Appel en faveur d’un cadre réglementaire stable, lisible et européen

         

 

 

 

La France est un des leaders mondiaux dans le domaine de l’innovation et singulièrement dans celui du e-commerce, des services en ligne, des applications mobiles, des objets connectés ou encore du big data. Or, les entreprises innovantes, des startups, des TPE et PME comme des grands groupes, sont fréquemment confrontées à des problématiques réglementaires qui entravent leur développement.


L’adaptation du cadre réglementaire à la réalité de l’écosystème numérique

L’innovation et la vitesse de création des entreprises du numérique complexifie l’appréhension par le législateur des enjeux intrinsèques au numérique et plus difficile l’adaptation du cadre réglementaire aux nouveaux usages, aux nouvelles technologies, etc. Plutôt que de pallier au décalage entre temps numérique et temps législatif par une abondance de textes, rapidement obsolètes, le secteur du numérique appelle à envisager des formes de régulation adaptée aux réalités des entreprises. Plus souples, et favorisant davantage l’innovation, elles permettraient de mieux prendre en compte la croissance et la transformation de l’activité des entreprises du numérique.

Afin de mieux intégrer les enjeux des acteurs du numérique, les pouvoirs publics pourraient solliciter les représentants des entreprises plus systématiquement en amont du travail législatif, pour par exemple systématiser la réalisation d’études d’impact préalable à tout texte règlementaire. Ce travail conjoint, pour la présentation et la rédaction des textes législatifs et réglementaires, permettra davantage d’efficacité de l’encadrement des pratiques des acteurs du numérique.

En outre, les modes alternatifs de règlement des litiges ont fait leurs preuves en matière contentieuse, aussi bien en B to B qu’en B to C, et pourraient être plus régulièrement le modèle choisi. Cette co-régulation suppose une bonne connaissance de l’univers technologique et économique par les pouvoirs publics – législateur, juges, administrations – et donc qu’ils s’approprient plus précisément les enjeux de l’écosystème numérique. Une meilleure coopération avec les acteur économiques est la clef d’une régulation équilibrée et suivie.

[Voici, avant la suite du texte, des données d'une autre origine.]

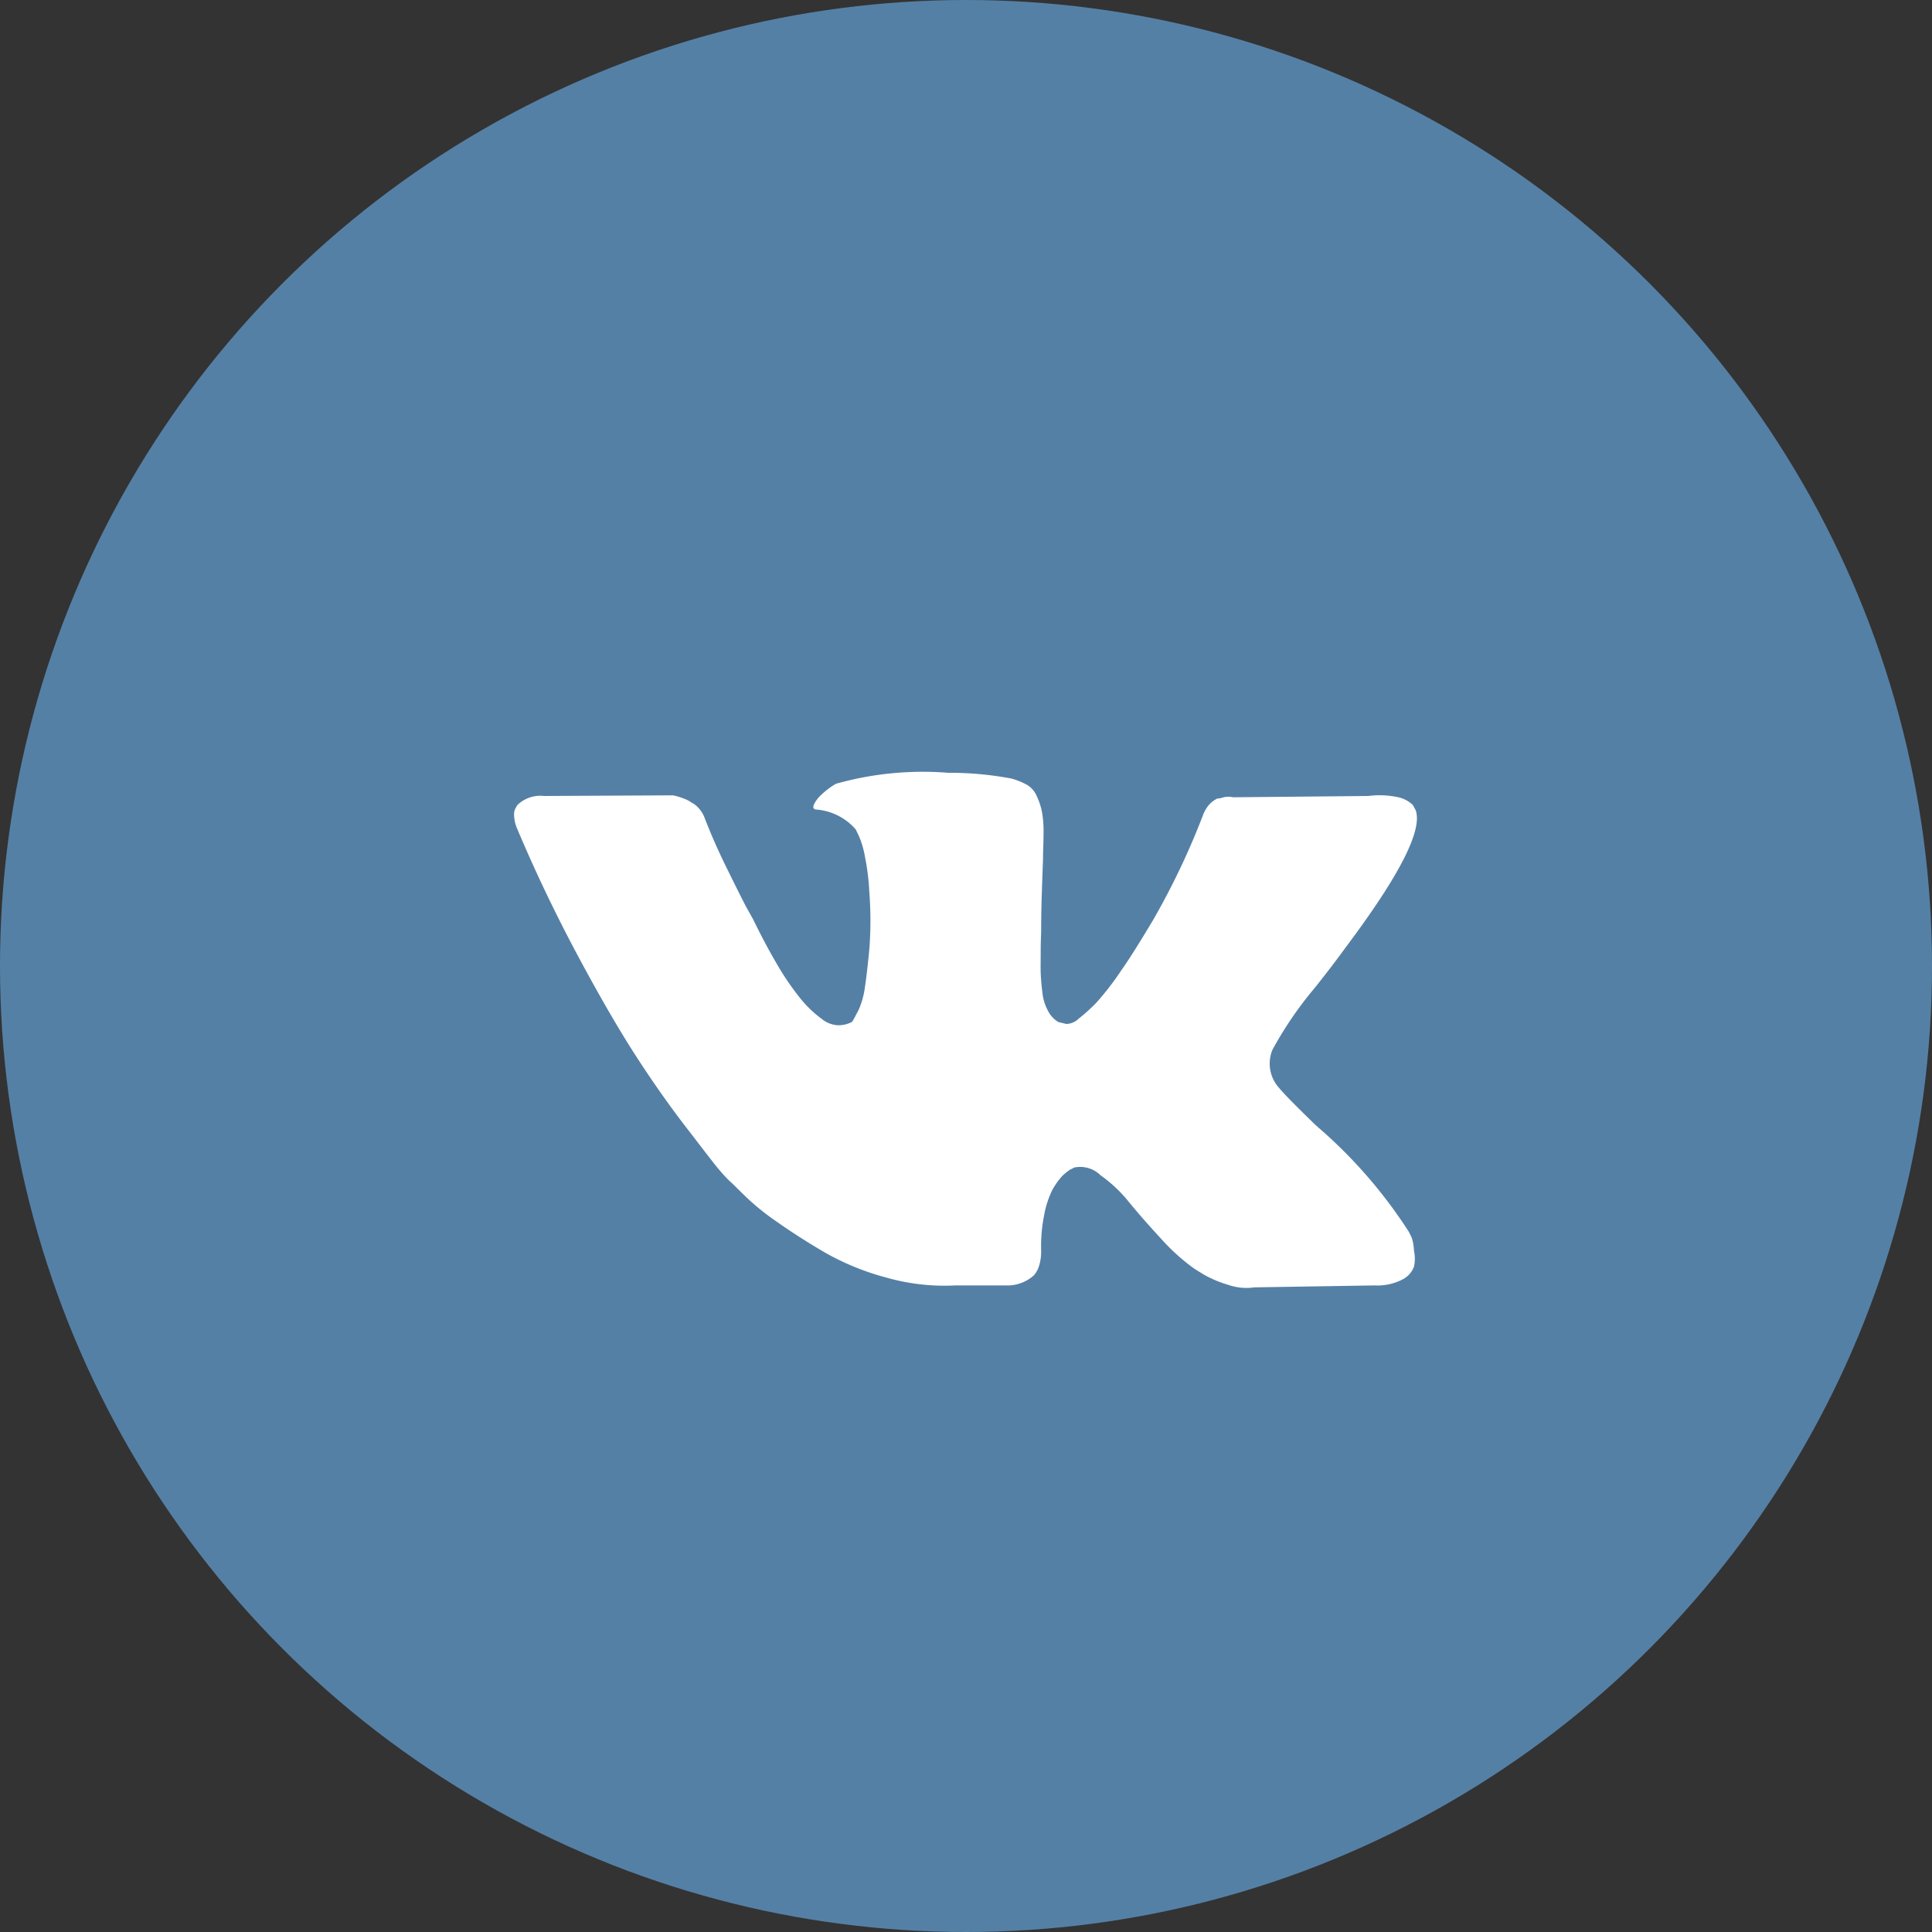 <?xml version="1.0" encoding="UTF-8"?> <svg xmlns="http://www.w3.org/2000/svg" id="вк" width="30" height="30" viewBox="0 0 30 30"><rect x="0" y="0" width="30" height="30" fill="#333333" stroke="none"/> <defs> <style> .cls-1 { fill: #5580a6; } .cls-2 { fill: #fff; fill-rule: evenodd; } </style> </defs> <circle id="Эллипс_4_копия_3" data-name="Эллипс 4 копия 3" class="cls-1" cx="15" cy="15" r="15"></circle> <path id="Фигура_49_1" data-name="Фигура 49 1" class="cls-2" d="M616.925,5802.23c-0.017-.04-0.033-0.07-0.047-0.1a7.494,7.494,0,0,0-1.393-1.61l-0.014-.01-0.007-.01-0.008-.01h-0.007q-0.466-.45-0.59-0.6a0.56,0.56,0,0,1-.1-0.59,5.758,5.758,0,0,1,.656-0.96c0.2-.25.358-0.46,0.474-0.62,0.841-1.12,1.205-1.83,1.093-2.14l-0.043-.08a0.481,0.481,0,0,0-.226-0.12,1.366,1.366,0,0,0-.466-0.02l-2.1.02a0.351,0.351,0,0,0-.146,0,0.356,0.356,0,0,1-.1.02l-0.037.02-0.028.02a0.376,0.376,0,0,0-.081.08,0.544,0.544,0,0,0-.072.13,11.627,11.627,0,0,1-.78,1.64c-0.18.3-.345,0.57-0.5,0.79a4.4,4.4,0,0,1-.379.49,2.72,2.72,0,0,1-.277.25,0.282,0.282,0,0,1-.189.08l-0.124-.03a0.43,0.43,0,0,1-.164-0.18,0.746,0.746,0,0,1-.084-0.28c-0.015-.12-0.023-0.22-0.026-0.3s0-.2,0-0.35,0.007-.25.007-0.31q0-.27.011-0.6t0.018-.51c0-.13.008-0.26,0.008-0.41a1.661,1.661,0,0,0-.026-0.33,1.018,1.018,0,0,0-.076-0.23,0.374,0.374,0,0,0-.15-0.18,1.082,1.082,0,0,0-.244-0.1,5.145,5.145,0,0,0-.984-0.09,4.973,4.973,0,0,0-1.742.17,1.188,1.188,0,0,0-.277.22q-0.13.165-.036,0.18a0.9,0.9,0,0,1,.619.31l0.044,0.09a1.408,1.408,0,0,1,.1.34,3.455,3.455,0,0,1,.066.53,5.721,5.721,0,0,1,0,.91c-0.025.26-.048,0.45-0.069,0.59a1.265,1.265,0,0,1-.1.35c-0.044.08-.073,0.14-0.087,0.16a0.06,0.06,0,0,1-.037.03,0.449,0.449,0,0,1-.2.04,0.439,0.439,0,0,1-.247-0.1,1.772,1.772,0,0,1-.3-0.28,4.139,4.139,0,0,1-.353-0.5c-0.131-.22-0.268-0.47-0.408-0.76l-0.117-.21c-0.073-.14-0.172-0.34-0.3-0.6s-0.238-.51-0.335-0.76a0.465,0.465,0,0,0-.175-0.23l-0.036-.02a0.444,0.444,0,0,0-.117-0.06,0.909,0.909,0,0,0-.168-0.05l-2,.01a0.515,0.515,0,0,0-.415.14l-0.029.05a0.2,0.2,0,0,0-.022.11,0.559,0.559,0,0,0,.044.2c0.291,0.69.608,1.35,0.951,1.99s0.64,1.15.892,1.54,0.511,0.76.773,1.1,0.436,0.57.521,0.67,0.152,0.17.2,0.21l0.183,0.18a3.75,3.75,0,0,0,.514.42q0.339,0.24.75,0.48a4,4,0,0,0,.959.39,3.283,3.283,0,0,0,1.064.12h0.838a0.617,0.617,0,0,0,.386-0.16l0.029-.04a0.453,0.453,0,0,0,.055-0.13,0.751,0.751,0,0,0,.025-0.2,2.47,2.47,0,0,1,.048-0.57,1.489,1.489,0,0,1,.124-0.38,1.138,1.138,0,0,1,.156-0.22,0.869,0.869,0,0,1,.124-0.1,0.32,0.32,0,0,0,.059-0.03,0.451,0.451,0,0,1,.412.12,2.18,2.18,0,0,1,.444.42q0.209,0.255.5,0.57a3.181,3.181,0,0,0,.511.46l0.145,0.09a1.79,1.79,0,0,0,.379.16,0.861,0.861,0,0,0,.409.04l1.865-.03a0.852,0.852,0,0,0,.43-0.09,0.371,0.371,0,0,0,.183-0.2,0.583,0.583,0,0,0,0-.25A0.792,0.792,0,0,0,616.925,5802.23Z" transform="translate(-595 -5783)"></path> </svg>

Raisonner à l’échelle européenne condition sine qua non pour créer de nouvelles licornes

L’environnement de nos entreprises est international et la concurrence s’entend désormais au niveau mondial. L’émergence de champions numériques européens, capables de rivaliser avec des champions américains ou asiatiques, est une condition indispensable au développement économique de notre écosystème. Les enquêtes actuelles montrent que les disparités législatives en Europe, sont un frein majeur au développement hors des frontières nationales. Or, le numérique permet justement à nos entreprises d’étendre leurs activités au-delà des frontières. Il est donc impératif de raisonner au niveau européen en matière de numérique, et d’aller progressivement vers une harmonisation des réglementations des Etats membres.

La France est parfois absente de la décision européenne, contrairement à d’autres Etats membres, et ne peut que réagir aux positions formulées par les administrations ou parlementaires européens. Pourtant, les débats de ces derniers mois ont montré des divergences de points de vue entre les textes européens et la vision des pouvoirs publics français. La France doit retrouver son rôle de leadership à l’échelle européenne. Elle se doit d’inspirer le droit européen notamment par une influence renforcée dans le processus de création des normes européennes, au lieu de s’en éloigner en créant des singularités législatives nationales qui isolent notre droit de celui de l’Union européenne. A ces conditions, nos entreprises bénéficieront de l’environnement juridique et réglementaire dont elles ont besoin pour continuer à se développer et rayonner, en France et à l’international.

Nous acteurs du numérique, appelons donc les candidats à s’engager en ce sens.